PROBLEM TO SOLVE:
All lines containing the string "phrase" must be copied from the entries.

SOURCE MATERIAL:
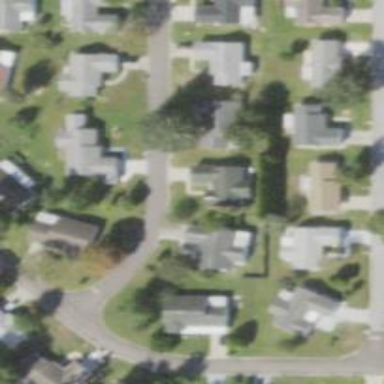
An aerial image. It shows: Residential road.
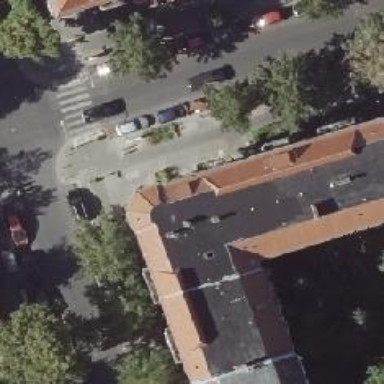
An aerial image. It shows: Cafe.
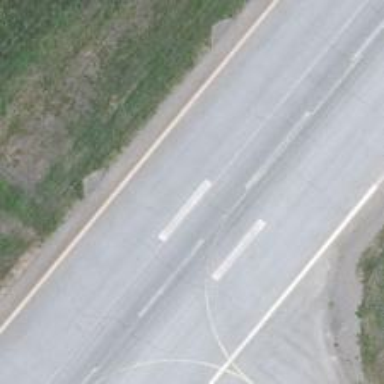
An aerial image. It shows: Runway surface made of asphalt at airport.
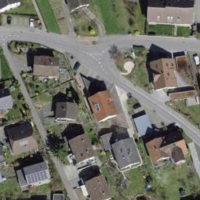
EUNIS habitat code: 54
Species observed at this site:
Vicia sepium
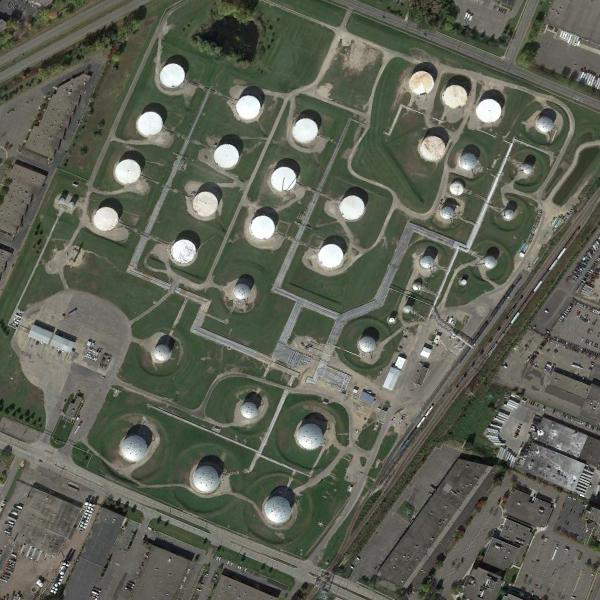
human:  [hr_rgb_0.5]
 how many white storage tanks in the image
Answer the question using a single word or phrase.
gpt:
...
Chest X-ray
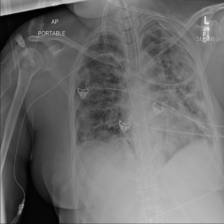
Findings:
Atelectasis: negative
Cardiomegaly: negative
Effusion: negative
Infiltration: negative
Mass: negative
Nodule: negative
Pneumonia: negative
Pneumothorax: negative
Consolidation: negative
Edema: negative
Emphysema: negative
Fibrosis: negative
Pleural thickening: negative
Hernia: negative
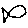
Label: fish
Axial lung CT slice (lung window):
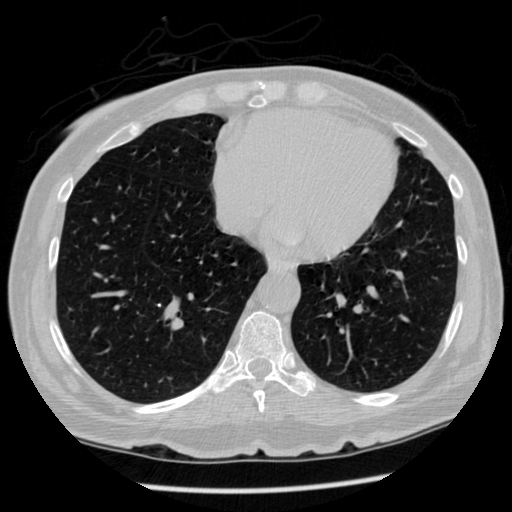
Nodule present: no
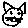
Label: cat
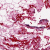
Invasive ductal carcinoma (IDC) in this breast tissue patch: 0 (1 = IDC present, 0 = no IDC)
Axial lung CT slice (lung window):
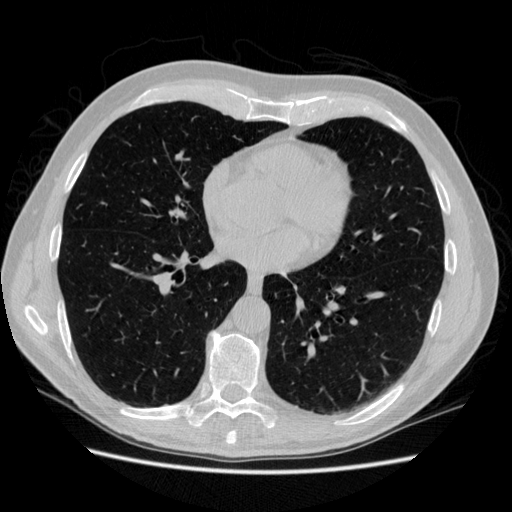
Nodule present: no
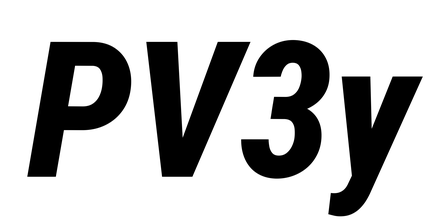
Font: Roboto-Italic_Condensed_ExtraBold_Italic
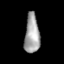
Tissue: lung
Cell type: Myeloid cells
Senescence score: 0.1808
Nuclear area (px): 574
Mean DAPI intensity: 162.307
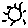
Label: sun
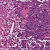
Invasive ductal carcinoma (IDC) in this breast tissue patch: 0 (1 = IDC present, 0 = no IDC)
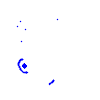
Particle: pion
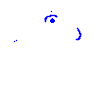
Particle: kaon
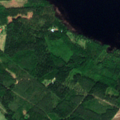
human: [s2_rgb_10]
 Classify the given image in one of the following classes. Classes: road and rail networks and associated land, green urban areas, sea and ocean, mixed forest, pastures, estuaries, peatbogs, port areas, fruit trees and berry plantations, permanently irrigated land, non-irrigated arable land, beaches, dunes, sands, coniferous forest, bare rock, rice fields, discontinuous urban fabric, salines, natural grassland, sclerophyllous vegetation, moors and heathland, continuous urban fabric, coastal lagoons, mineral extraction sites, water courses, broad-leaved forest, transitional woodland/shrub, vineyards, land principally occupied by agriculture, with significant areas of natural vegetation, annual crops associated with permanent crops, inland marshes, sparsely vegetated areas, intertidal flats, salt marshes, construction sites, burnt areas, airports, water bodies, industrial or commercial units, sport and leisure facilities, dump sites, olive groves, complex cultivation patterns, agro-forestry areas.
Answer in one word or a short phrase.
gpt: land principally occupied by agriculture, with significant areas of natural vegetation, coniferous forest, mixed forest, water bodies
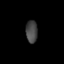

OUTPUT FOR THIS EXERCISE:
Answer the question using a single word or phrase.
Answer in one word or a short phrase.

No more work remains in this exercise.